Granly Speedway Arena
- Interactive map of Granly Speedway Arena
- Location: Tinghedevej 9, 6715 Esbjerg kommune, Denmark
- Coordinates: 55°31′37″N 8°35′20″E﻿ / ﻿55.52694°N 8.58889°E
- Field size: 320 metres (0.320)

Construction
- Opened: 7 July 1946
- Renovated: 1 May 1977

Tenant
- Motorcycle speedway

= Granly Speedway Arena =

Stadium in Esbjerg, Denmark

Granly Speedway Arena is a speedway track in Esbjerg, Denmark. The track is located on the Tinghedevej 9 road, about 16 kilometres east of the town and is adjacent to the Vestjysk Motocross Club. The stadium hosts the speedway team known as the Esbjerg Speedway Klub, who race in the Danish Speedway League and have been champions of Denmark 11 times, as of 2023.

==History==
Founded in 1929, Esbjerg Motor Sport bought a piece of moorland at the Korskro Inn, during the spring of 1946. After construction the stadium opened with an attendance of 6,000 spectators on 7 July 1946.

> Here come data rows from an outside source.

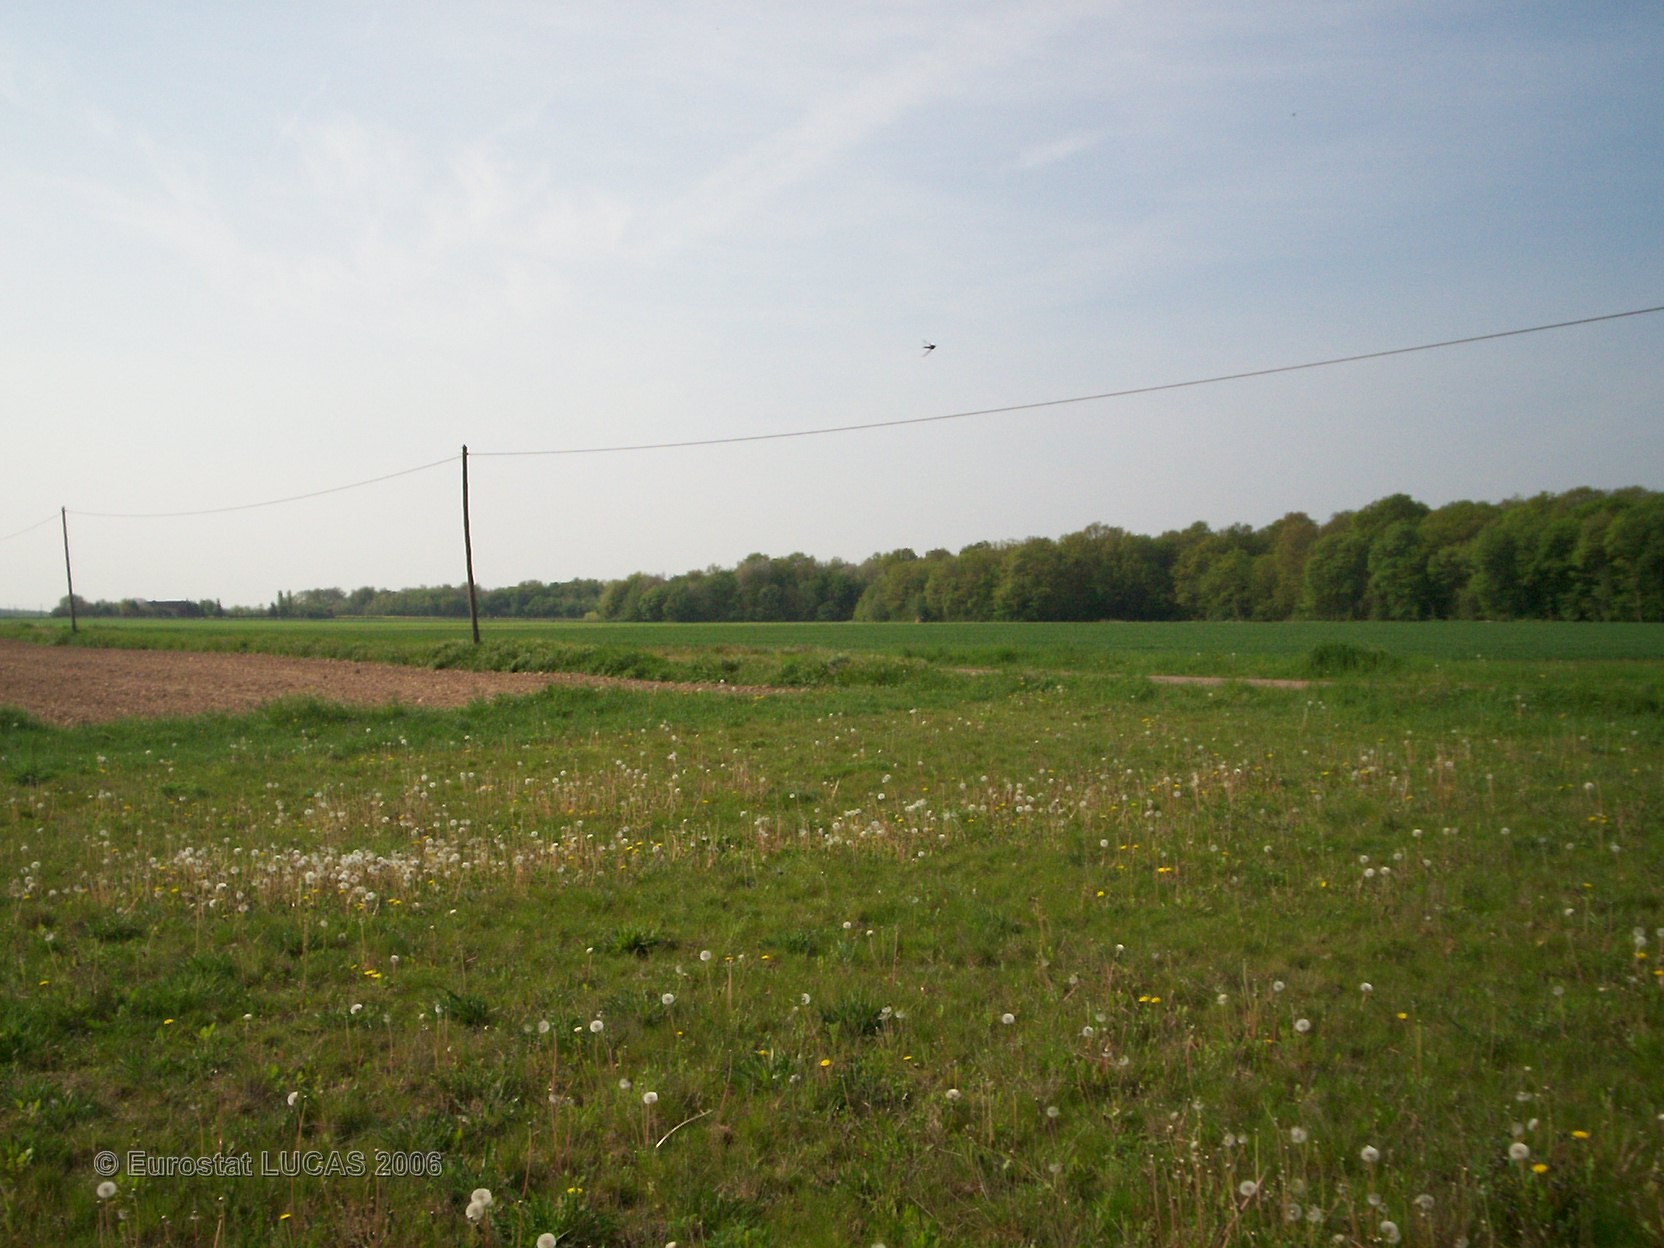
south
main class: Grassland
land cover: Grassland without tree/shrub cover
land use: Fallow land
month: May
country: FR
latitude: 48.0842
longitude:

The year of 1955 proved significant because speedway was moved to the Esbjerg Athletic Stadium due to financial problems. The track remained open however and was extended in size during 1955. Speedway returned in 1970 and the venue hosted the 1972 Danish Individual Speedway Championship.

In 1975, the site was entirely rebuilt into the Esbjerg Motor Center or Korskro Motor Center, which included two standard speedway tracks in addition to one longtrack and one smaller 80cc track. The venue opened on 1 May 1977. The venue held the 1978 Danish final and soon hosted a major international event; the 1982 Individual Long Track World Championship (which attracted over 20,000 people).

In 1984, further developments took place with the speedway track rotating 90 degrees and the mapping of a motocross circuit. The following year it hosted the 1985 Individual Long Track World Championship.

The longtrack was later demolished but further Danish Championship finals were held on the speedway track in 2005, 2010, 2011 and 2018. In-between in 2014, the stadium was renamed the Granly Speedway Arena.